The Vancouver Statement
On the Globalization and Industrialization of Agriculture

June 1998


W e believe that the industrialization and globalization of food and fiber imperils humanity and the natural world. Reducing farming to a monocultural, synthetic, transnational corporate business threatens the health, nourishment, right livelihood, and spirituality of communities and the earth. It is insane to believe that we must poison land and water and waste the soil in order to feed and clothe ourselves. Five decades of the so-called Green Revolution have not only led to the destruction and contamination of water, soil, biodiversity, and human communities, but exacerbated hunger worldwide. One of the most critical impacts of industrial agriculture is climate change, which will destroy the natural basis of agriculture itself. The patenting of life, corporate ownership and manipulation of our genetic heritage is one of the greatest threats ever imposed by industrial agriculture: the human right to feed, clothe and shelter ourselves and our families is at stake. Institutions and treaties such as the World Trade Organization, the General Agreement on Tariffs and Trade, Codex Alimentarius, North American Free Trade Agreement, the Food and Agriculture Organization, and the European Union have accelerated the process of agricultural industrialization and globalization while promoting the rights of corporations over those of people.

We know that there are non-toxic and non-destructive alternatives to global industrial agriculture, and we know that these alternatives can provide more food. Farmers around the world are farming in ways that respect their unique ecological and cultural communities.
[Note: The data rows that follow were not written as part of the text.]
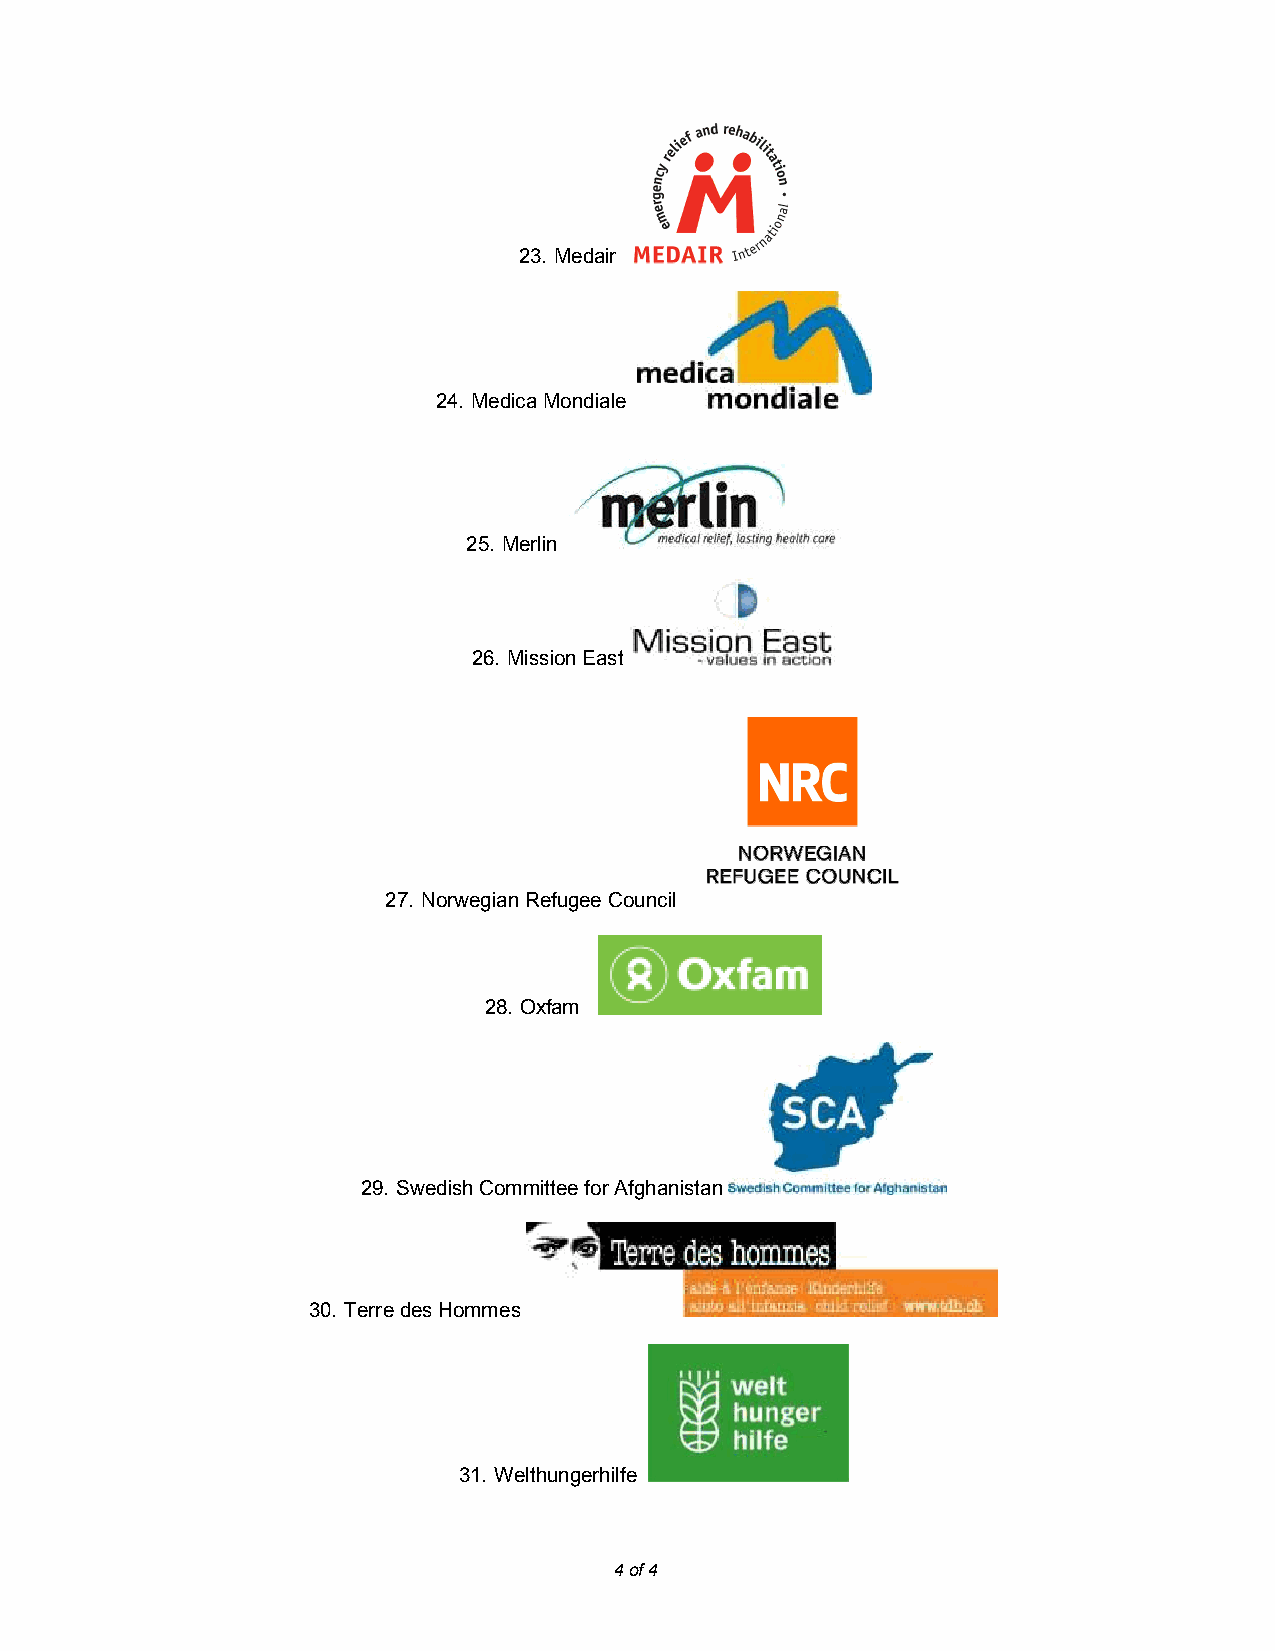
23. Medair
 24. Medica Mondiale
 25. Merlin
 26. Mission East
 27. Norwegian Refugee Council
 28. Oxfam
 29. Swedish Committee for Afghanistan
 30. Terre des Hommes
 31. Welthungerhilfe
 4 of 4
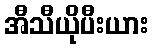
အီသီယိုပီးယား
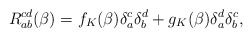
\begin{align*}R_{ab}^{cd}(\beta )=f_{K}(\beta )\delta _{a}^{c}\delta _{b}^{d}+g_{K}(\beta)\delta _{a}^{d}\delta _{b}^{c},\end{align*}
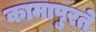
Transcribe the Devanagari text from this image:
कामापुरते
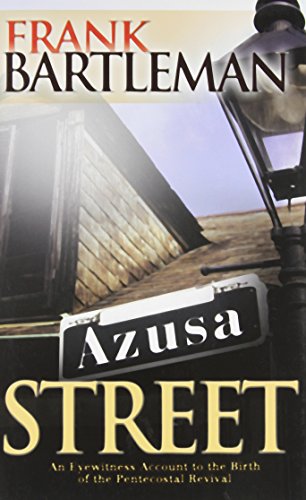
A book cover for Azusa Street; Frank Bartleman; Christian Books & Bibles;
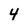
Character: 4
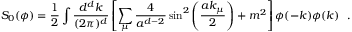
S _ { 0 } ( \phi ) = \frac { 1 } { 2 } \int \frac { d ^ { d } k } { ( 2 \pi ) ^ { d } } \left[ \sum _ { \mu } \frac { 4 } { a ^ { d - 2 } } \sin ^ { 2 } \left( \frac { a k _ { \mu } } { 2 } \right) + m ^ { 2 } \right] \phi ( - k ) \phi ( k ) \ \ .
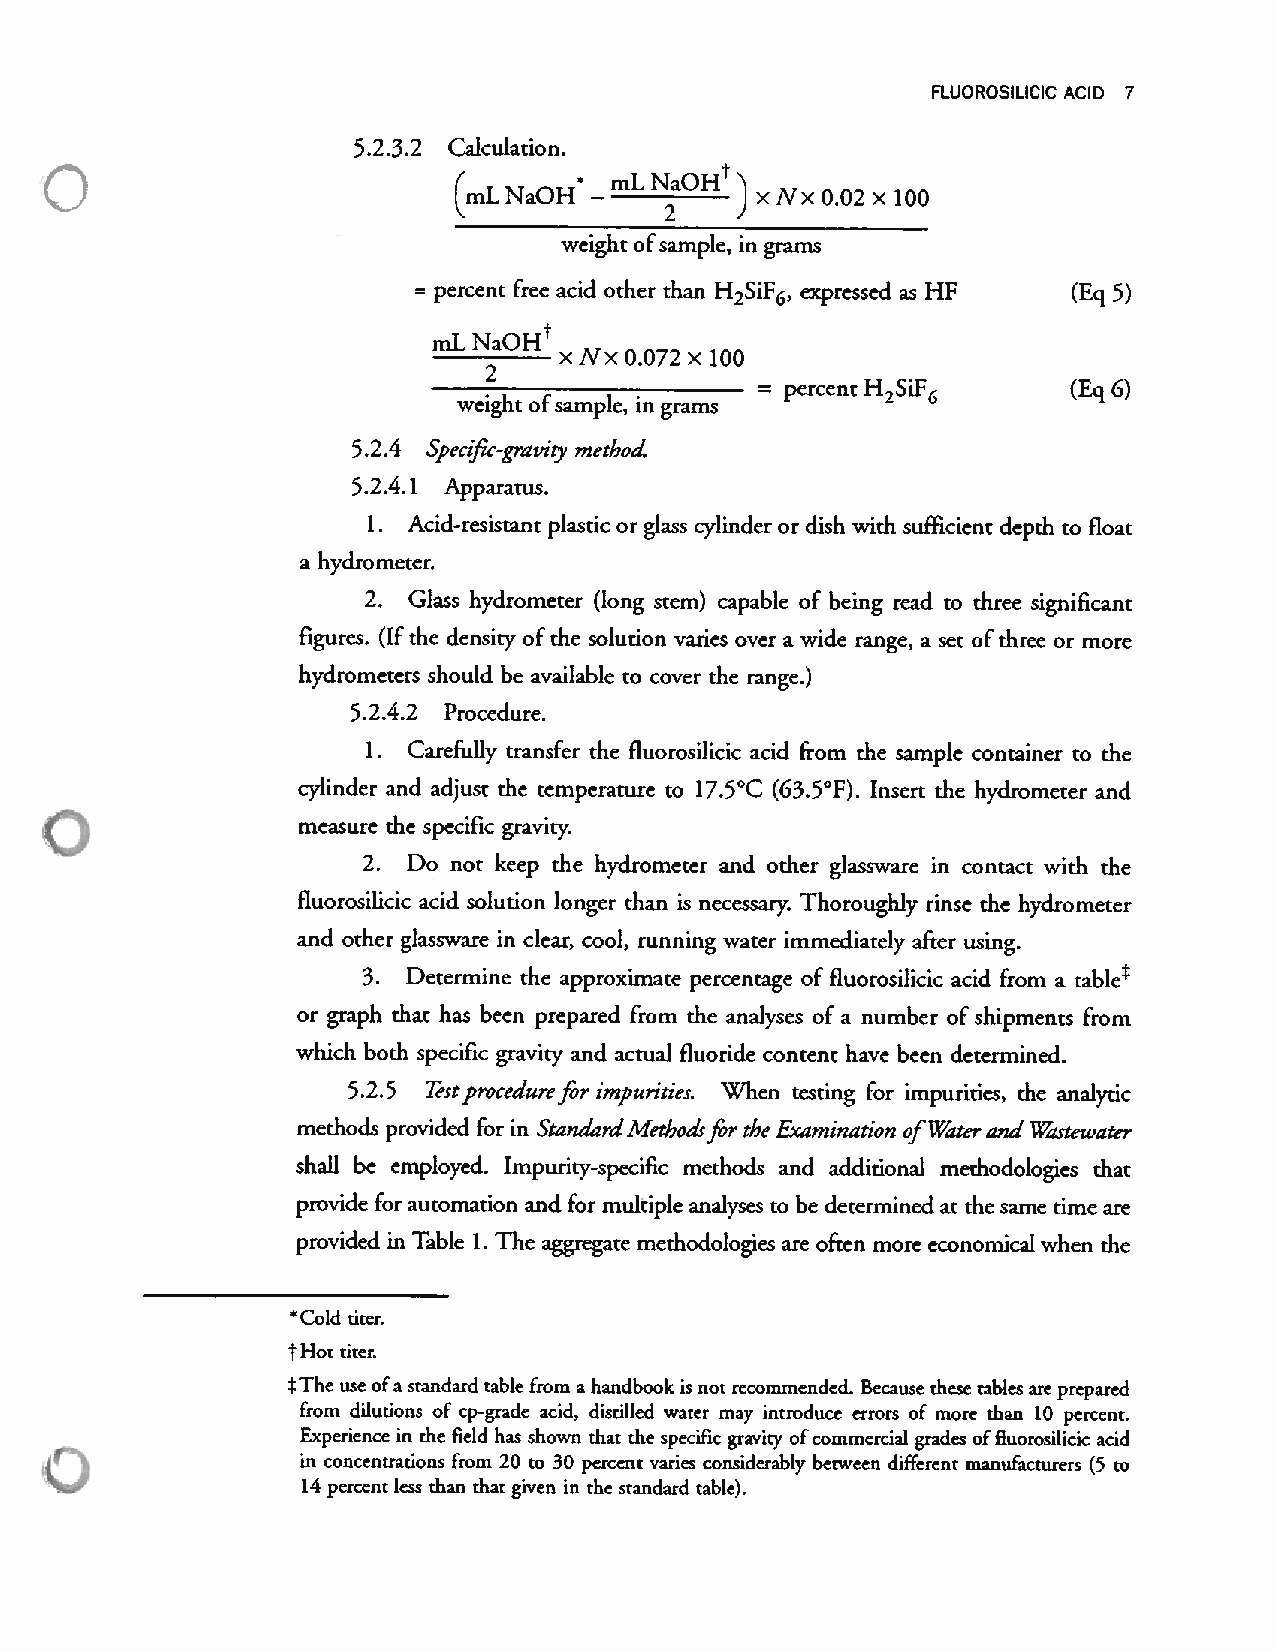
FLUOROSILICIC ACID 7
 5.2.3.2 Calculation.
 mL NaOH’)
 (mL NaOH —          x Nx 0.02 x 100
 weight ofsample. in grams
 = percent free acid other than H2S6,iF expressed as HF (Eq 5)
 t
 mLNaOH
 x Nx 0.072 x 100
 2
 = percent H6,SiF     (Eq 6)
 weight ofsample, in grams
 5.2.4 Specific-gravity method
 5.2.4.1 Apparatus.
 1. Acid-resistant plastic or glass cylinder or dish with sufficient depth to float
 a hydrometer.
 2. Glass hydrometer (long stem) capable of being read to three significant
 figures. (If the density ofthe solution varies over a wide range, a set ofthree or more
 hydrometers should be available to cover the range.)
 5.2.4.2 Procedure.
 1. Carefiillv transfer the fluorosilicic acid from the sample container to the
 cylinder and adjust the temperature to 17.5°C (63.5°F). Insert the hydrometer and
 measure the specific gravinc
 2. Do not keep the hydrometer and other glassware in contact with the
 fluorosilicic acid solution longer than is necessary; Thoroughly rinse the hydrometer
 and other glassware in clear, cool, running water immediately after using.
 3. Determine the approximate percentage of fluorosilicic acid from a tablet
 or graph that has been prepared from the analyses of a number of shipments from
 which both specific gravity and actual fluoride content have been determined.
 5.2.5 Testprocedurefor impurities. ‘Vhen testing for impurities, the analytic
 methods provided for in StanaardMethoasfor the Examination ofWaterand Wastewater
 shall be employed. Impurity-specific methods and additional methodologies that
 provide for automation and for multiple anaiyses to be determined at the same time are
 provided in Table 1. The aggregate methodologies are often more economical when the
 C01d titer.
 *
 tHot titer.
 *The use ofa standard table from a handbook is not recommended. Because these tables are prepared
 from dilutions of cp-grade acid, distilled water may introduce errors of more than 10 percent.
 Experience in the field has shown that the specific gravity ofcommercial grades offluorosiLicic acid
 in concentrations from 20 to 30 percent varies considerably between different manufacturers (5 to
 14 percent less than that given in the standard table).
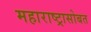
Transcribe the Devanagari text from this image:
महाराष्ट्रासोबत
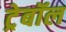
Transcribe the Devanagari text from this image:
ट्रेबॉल
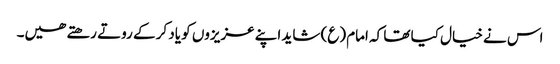
اس نے خیال کیا تھا کہ امام (ع) شاید اپنے عزیزوں کو یاد کر کے روتے رھتے ھیں۔
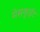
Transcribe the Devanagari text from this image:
मेसकुईट
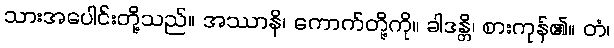
သားအပေါင်းတို့သည်။ အဿာနိ၊ ကောက်တို့ကို။ ခါဒန္တိ၊ စားကုန်၏။ တံ၊
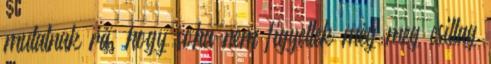
mutatnak rá, hogy soha nem figyeltek még meg csillag
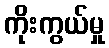
ကိုးကွယ်မှု
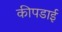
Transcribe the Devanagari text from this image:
कीपडाई
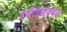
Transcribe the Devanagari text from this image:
गंभीरगडाजवळ
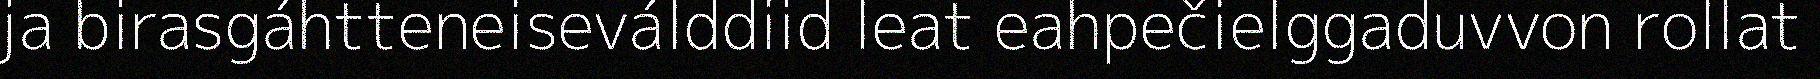
ja birasgáhtteneiseválddiid leat eahpečielggaduvvon rollat
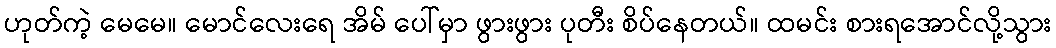
ဟုတ်ကဲ့ မေမေ။ မောင်လေးရေ အိမ် ပေါ်မှာ ဖွားဖွား ပုတီး စိပ်နေတယ်။ ထမင်း စားရအောင်လို့သွား
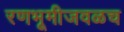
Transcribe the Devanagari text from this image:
रणभूमीजवळच
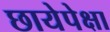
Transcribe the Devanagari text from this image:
छायेपेक्षा
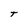
Character: t
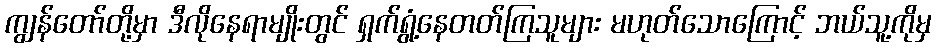
ကျွန်တော်တို့မှာ ဒီလိုနေရာမျိုးတွင် ရှက်ရွံ့နေတတ်ကြသူများ မဟုတ်သောကြောင့် ဘယ်သူ့ကိုမှ
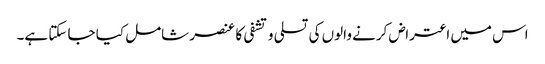
اس میں اعتراض کرنے والوں کی تسلی و تشفی کا عنصر شامل کیا جا سکتا ہے۔
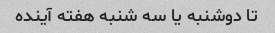
تا دوشنبه یا سه شنبه هفته آینده
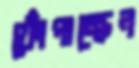
ফোঁপাচ্ছেন
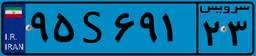
۴۱S۶۷۷۵۶
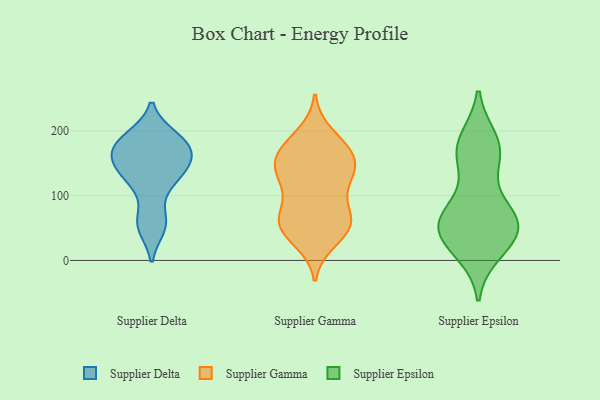
{"axis": {"x": "Market Share (%)", "y": "Value"}, "legend": ["Supplier Delta", "Supplier Epsilon", "Supplier Gamma"], "data": [{"x": "", "y": 175, "type": "Supplier Delta"}, {"x": "", "y": 187, "type": "Supplier Delta"}, {"x": "", "y": 165, "type": "Supplier Delta"}, {"x": "", "y": 151, "type": "Supplier Delta"}, {"x": "", "y": 63, "type": "Supplier Delta"}, {"x": "", "y": 153, "type": "Supplier Delta"}, {"x": "", "y": 191, "type": "Supplier Delta"}, {"x": "", "y": 122, "type": "Supplier Delta"}, {"x": "", "y": 127, "type": "Supplier Delta"}, {"x": "", "y": 51, "type": "Supplier Delta"}, {"x": "", "y": 119, "type": "Supplier Gamma"}, {"x": "", "y": 173, "type": "Supplier Gamma"}, {"x": "", "y": 64, "type": "Supplier Gamma"}, {"x": "", "y": 174, "type": "Supplier Gamma"}, {"x": "", "y": 62, "type": "Supplier Gamma"}, {"x": "", "y": 62, "type": "Supplier Gamma"}, {"x": "", "y": 40, "type": "Supplier Gamma"}, {"x": "", "y": 31, "type": "Supplier Gamma"}, {"x": "", "y": 76, "type": "Supplier Gamma"}, {"x": "", "y": 59, "type": "Supplier Gamma"}, {"x": "", "y": 132, "type": "Supplier Gamma"}, {"x": "", "y": 194, "type": "Supplier Gamma"}, {"x": "", "y": 135, "type": "Supplier Gamma"}, {"x": "", "y": 143, "type": "Supplier Gamma"}, {"x": "", "y": 164, "type": "Supplier Gamma"}, {"x": "", "y": 167, "type": "Supplier Gamma"}, {"x": "", "y": 147, "type": "Supplier Gamma"}, {"x": "", "y": 52, "type": "Supplier Gamma"}, {"x": "", "y": 118, "type": "Supplier Gamma"}, {"x": "", "y": 26, "type": "Supplier Epsilon"}, {"x": "", "y": 178, "type": "Supplier Epsilon"}, {"x": "", "y": 74, "type": "Supplier Epsilon"}, {"x": "", "y": 147, "type": "Supplier Epsilon"}, {"x": "", "y": 176, "type": "Supplier Epsilon"}, {"x": "", "y": 59, "type": "Supplier Epsilon"}, {"x": "", "y": 62, "type": "Supplier Epsilon"}, {"x": "", "y": 70, "type": "Supplier Epsilon"}, {"x": "", "y": 14, "type": "Supplier Epsilon"}, {"x": "", "y": 28, "type": "Supplier Epsilon"}, {"x": "", "y": 65, "type": "Supplier Epsilon"}, {"x": "", "y": 50, "type": "Supplier Epsilon"}, {"x": "", "y": 185, "type": "Supplier Epsilon"}, {"x": "", "y": 161, "type": "Supplier Epsilon"}, {"x": "", "y": 45, "type": "Supplier Epsilon"}]}
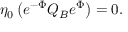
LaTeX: \eta _ { 0 } \left( e ^ { - \Phi } Q _ { B } e ^ { \Phi } \right) = 0 .

Building on their wisdom, all farms of the twenty-first century can be ecologically regenerative, community sustaining, biologically and culturally diverse, as well as energy conserving. We must not only build upon the existing knowledge and vision of farmers, but we must expand partnerships and create coalitions that serve to re-empower them.

In order to rescue our food system, we need more skilled farmers who have access to land, seed, and the knowledge of local biological systems. Also essential to a healthy food system, is clean land, air, water and soil and the right to save seeds to ensure future harvests.

Scientific organizations and transnational corporations that are experimenting with, and releasing poisons, synthetic compounds and genetically modified organisms into the biosphere should be held fully accountable for the safety of their practices and products. Corporations, scientists and governments should honor the precautionary principle and take preventive action in the face of scientific uncertainty in order to avoid cultural and ecological harm.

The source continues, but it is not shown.